Anyway, I have ready for review a patch for the outline builder and HTML emitter, and can get it to you any time. Just didn't want to pile it on you.
Comment 4 Michael[tm] Smith 2012-12-03 06:57:45 CET
Another thing I should mention: The way I implemented this, it requires some (minor) changes to the HTML parser code and also to the XML parser code (Aelfred2 SAXDriver).

The reason Is, it stores and retrieves the outline using the setProperty and getProperty methods of the reader. So those need to be made to recognize the property name for the outline (for which I just have the code using "http://validator.nu/properties/document-outline").
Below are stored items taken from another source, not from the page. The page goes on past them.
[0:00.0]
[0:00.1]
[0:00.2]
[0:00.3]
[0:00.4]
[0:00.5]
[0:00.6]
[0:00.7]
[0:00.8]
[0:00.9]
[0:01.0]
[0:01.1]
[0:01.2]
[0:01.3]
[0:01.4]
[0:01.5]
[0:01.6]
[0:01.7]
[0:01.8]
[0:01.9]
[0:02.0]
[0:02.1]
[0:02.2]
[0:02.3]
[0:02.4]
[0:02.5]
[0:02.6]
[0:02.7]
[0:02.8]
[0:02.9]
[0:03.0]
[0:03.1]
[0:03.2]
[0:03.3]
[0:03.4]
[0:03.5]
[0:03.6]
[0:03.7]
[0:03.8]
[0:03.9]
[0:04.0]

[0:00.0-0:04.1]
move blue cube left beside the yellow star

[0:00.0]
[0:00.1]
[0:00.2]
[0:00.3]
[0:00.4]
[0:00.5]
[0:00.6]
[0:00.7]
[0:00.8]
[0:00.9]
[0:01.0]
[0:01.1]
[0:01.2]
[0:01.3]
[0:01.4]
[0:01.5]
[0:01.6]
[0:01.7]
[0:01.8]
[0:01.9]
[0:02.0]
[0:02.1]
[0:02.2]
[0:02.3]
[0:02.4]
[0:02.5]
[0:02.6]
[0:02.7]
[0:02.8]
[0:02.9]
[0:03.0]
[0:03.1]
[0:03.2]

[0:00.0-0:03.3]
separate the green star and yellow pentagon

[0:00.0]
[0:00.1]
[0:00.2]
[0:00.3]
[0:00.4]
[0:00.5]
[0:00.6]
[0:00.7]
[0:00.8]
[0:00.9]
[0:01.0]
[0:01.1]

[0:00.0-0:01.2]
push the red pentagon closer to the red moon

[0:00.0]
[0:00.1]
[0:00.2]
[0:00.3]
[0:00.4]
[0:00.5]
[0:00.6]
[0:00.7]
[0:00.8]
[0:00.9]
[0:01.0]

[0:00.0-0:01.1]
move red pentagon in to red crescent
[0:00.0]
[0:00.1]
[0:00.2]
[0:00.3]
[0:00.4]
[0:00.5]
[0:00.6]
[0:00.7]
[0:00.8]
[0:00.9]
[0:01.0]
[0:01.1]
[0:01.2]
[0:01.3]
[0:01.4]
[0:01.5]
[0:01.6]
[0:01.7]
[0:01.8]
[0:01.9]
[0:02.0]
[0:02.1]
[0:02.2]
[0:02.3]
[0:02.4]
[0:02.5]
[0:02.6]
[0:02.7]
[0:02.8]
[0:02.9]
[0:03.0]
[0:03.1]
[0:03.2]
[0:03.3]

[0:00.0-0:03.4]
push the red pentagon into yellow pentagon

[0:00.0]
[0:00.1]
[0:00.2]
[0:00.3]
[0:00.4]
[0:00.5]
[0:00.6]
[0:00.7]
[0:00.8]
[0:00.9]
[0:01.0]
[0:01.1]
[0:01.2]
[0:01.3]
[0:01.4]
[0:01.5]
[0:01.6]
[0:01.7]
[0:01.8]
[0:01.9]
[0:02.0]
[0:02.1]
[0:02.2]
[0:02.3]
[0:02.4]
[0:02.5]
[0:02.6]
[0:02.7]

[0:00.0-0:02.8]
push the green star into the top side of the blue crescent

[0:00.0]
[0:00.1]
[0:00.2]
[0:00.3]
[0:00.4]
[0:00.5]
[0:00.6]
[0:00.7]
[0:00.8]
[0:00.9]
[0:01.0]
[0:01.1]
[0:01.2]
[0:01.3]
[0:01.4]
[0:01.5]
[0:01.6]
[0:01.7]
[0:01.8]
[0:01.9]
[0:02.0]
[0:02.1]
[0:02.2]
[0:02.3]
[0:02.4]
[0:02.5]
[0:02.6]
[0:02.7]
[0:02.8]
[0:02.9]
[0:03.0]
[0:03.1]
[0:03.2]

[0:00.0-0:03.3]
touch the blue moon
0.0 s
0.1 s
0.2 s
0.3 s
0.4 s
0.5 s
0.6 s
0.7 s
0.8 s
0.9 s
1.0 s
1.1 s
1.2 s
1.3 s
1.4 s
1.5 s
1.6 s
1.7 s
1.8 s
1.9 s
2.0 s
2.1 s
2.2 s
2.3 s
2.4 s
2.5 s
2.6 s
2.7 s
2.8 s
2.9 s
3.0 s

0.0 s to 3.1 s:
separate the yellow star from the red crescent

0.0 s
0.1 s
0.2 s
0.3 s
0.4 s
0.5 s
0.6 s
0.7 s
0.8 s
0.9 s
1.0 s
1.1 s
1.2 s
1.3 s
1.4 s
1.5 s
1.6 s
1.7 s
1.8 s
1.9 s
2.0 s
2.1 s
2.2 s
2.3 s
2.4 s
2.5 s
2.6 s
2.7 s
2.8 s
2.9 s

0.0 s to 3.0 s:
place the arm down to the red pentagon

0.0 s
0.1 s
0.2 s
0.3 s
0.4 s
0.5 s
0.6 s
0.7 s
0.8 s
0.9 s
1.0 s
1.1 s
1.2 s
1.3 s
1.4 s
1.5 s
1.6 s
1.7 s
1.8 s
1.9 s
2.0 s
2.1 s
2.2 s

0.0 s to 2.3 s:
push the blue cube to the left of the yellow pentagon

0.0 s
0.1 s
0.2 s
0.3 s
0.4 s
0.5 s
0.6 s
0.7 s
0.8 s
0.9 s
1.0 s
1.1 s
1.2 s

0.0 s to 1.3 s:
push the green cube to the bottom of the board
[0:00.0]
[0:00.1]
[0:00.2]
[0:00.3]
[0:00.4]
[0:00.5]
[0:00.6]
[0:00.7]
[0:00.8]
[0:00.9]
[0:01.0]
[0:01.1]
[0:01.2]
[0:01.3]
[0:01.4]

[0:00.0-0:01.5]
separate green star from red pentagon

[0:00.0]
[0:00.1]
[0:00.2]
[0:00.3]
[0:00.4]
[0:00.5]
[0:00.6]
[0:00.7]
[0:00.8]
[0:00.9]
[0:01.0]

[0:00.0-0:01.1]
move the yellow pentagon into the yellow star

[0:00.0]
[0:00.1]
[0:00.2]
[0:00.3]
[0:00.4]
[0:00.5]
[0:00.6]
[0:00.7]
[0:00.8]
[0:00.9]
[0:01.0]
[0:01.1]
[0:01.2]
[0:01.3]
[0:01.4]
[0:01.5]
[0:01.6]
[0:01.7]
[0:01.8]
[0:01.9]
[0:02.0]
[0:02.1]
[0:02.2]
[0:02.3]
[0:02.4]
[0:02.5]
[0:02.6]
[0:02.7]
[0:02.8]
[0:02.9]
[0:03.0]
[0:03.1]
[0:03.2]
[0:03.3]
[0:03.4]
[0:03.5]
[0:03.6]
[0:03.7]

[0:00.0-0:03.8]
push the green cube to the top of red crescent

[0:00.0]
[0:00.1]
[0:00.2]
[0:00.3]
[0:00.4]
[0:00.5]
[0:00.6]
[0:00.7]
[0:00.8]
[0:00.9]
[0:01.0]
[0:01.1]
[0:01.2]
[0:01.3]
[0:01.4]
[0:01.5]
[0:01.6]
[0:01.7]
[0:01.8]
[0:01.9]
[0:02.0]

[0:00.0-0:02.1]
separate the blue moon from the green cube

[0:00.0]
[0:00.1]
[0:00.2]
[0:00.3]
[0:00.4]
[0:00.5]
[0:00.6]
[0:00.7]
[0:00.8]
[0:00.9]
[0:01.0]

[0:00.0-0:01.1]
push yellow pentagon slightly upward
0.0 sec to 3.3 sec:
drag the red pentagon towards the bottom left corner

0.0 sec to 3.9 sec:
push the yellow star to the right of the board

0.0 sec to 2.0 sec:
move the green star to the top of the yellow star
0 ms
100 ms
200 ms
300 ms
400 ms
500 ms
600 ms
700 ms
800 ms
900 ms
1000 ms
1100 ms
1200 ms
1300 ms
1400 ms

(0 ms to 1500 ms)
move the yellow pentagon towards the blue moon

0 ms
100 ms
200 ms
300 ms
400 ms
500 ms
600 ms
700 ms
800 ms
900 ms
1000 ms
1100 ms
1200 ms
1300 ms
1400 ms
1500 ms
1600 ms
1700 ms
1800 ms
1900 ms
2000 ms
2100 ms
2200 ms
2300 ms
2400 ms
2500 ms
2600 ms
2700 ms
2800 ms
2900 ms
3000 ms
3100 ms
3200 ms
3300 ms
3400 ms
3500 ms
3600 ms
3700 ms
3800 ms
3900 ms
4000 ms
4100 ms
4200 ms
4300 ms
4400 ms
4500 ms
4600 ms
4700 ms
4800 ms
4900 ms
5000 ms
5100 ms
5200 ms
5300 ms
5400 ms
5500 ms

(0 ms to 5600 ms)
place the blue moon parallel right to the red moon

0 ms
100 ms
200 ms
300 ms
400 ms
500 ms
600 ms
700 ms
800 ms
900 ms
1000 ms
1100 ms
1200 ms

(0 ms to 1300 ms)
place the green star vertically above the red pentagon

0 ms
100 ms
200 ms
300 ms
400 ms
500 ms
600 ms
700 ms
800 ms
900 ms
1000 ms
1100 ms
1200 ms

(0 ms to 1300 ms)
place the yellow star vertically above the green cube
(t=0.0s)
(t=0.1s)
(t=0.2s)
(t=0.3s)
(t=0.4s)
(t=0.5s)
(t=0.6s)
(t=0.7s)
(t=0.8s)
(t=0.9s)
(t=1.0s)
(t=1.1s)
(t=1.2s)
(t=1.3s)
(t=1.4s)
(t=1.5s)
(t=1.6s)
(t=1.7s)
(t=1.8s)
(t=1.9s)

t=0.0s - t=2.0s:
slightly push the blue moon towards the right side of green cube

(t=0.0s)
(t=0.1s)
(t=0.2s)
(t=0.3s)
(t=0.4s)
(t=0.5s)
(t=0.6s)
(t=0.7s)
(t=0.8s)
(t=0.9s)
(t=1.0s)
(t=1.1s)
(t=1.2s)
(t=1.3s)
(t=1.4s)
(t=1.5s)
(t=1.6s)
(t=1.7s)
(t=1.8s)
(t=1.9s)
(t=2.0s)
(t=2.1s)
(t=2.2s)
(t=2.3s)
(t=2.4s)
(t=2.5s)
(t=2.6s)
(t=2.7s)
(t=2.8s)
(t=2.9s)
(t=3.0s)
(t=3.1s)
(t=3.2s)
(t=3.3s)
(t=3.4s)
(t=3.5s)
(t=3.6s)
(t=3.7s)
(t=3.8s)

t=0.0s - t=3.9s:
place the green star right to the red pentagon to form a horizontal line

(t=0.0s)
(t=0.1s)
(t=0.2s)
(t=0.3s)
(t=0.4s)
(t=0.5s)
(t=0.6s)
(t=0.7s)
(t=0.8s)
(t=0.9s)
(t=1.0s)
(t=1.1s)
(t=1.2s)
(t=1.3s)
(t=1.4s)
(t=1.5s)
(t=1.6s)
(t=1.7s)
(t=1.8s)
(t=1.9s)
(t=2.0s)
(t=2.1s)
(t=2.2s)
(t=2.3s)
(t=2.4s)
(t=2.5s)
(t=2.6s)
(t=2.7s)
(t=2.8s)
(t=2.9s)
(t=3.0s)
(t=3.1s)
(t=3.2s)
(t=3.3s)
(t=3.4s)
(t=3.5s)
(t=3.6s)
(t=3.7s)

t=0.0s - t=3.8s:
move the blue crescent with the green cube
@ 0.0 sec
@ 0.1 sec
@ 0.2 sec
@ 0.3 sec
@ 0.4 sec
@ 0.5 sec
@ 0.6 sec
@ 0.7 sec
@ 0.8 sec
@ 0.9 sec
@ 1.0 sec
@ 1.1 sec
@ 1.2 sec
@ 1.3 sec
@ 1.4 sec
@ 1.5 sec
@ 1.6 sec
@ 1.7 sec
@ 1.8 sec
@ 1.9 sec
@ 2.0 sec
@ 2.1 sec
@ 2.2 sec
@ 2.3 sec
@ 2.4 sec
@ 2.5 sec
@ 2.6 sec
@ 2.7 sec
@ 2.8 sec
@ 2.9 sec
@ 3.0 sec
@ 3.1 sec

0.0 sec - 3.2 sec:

That's the only way -- without also turning the outline builder into an output-format-neutral outline emitter (which would not make sense) -- that I could see to pass the outline from the step when it's built (by the additional reader wrapper) and the step when it needs to be rendered. So the backend handling is different from that for the sorta similar "Show source" case -- but that's kind of expected because the source emitter is not format-specific (that is, for HTML vs JSON vs XML output, the source output is all the same), while the outline emitter needs to be format specific (different between HTML and JSON output especially).
Comment 5 Henri Sivonen 2012-12-04 14:22:47 CET
That’s weird. Why not have an outline builder as a ContentHandler outside the parsers?
Comment 6 Michael[tm] Smith 2012-12-04 15:00:02 CET
(In reply to comment #5)
> That’s weird. Why not have an outline builder as a ContentHandler outside the
> parsers?

Maybe just because I wasn't sure how to hook it into the existing VerifierServletTransaction code as a ContentHandler and have that actually read the document input. Is there existing example of another filter class that's hooked into the VerifierServletTransaction code as a ContentHandler?
Comment 7 Henri Sivonen 2012-12-04 16:54:04 CET
See the way baseUriTracker is set up with CombineContentHandler for the pattern that doesn’t require parser changes and works with both parsers.

            if (baseUriTracker == null) {
                wiretap.setWiretapContentHander(recorder);
            } else {
                wiretap.setWiretapContentHander(new CombineContentHandler(
                        recorder, baseUriTracker));
            }
Comment 8 Michael[tm] Smith 2012-12-08 07:01:43 CET
(In reply to comment #7)
> See the way baseUriTracker is set up with CombineContentHandler for the pattern
> that doesn’t require parser changes and works with both parsers.

So I've looked now at that code but it seems like more than we need for the outline case.

It has since occurred to me that the outline could be stored as a property of the request rather than the reader. So that's what I've switched it to -- request.setAttribute("http://validator.nu/properties/document-outline", (Deque<Section>) currentOutlinee.outline) to store it and then to get it back, outline = (Deque<Section>) request.getAttribute("http://validator.nu/properties/document-outline").

So no changes to the parsers needed.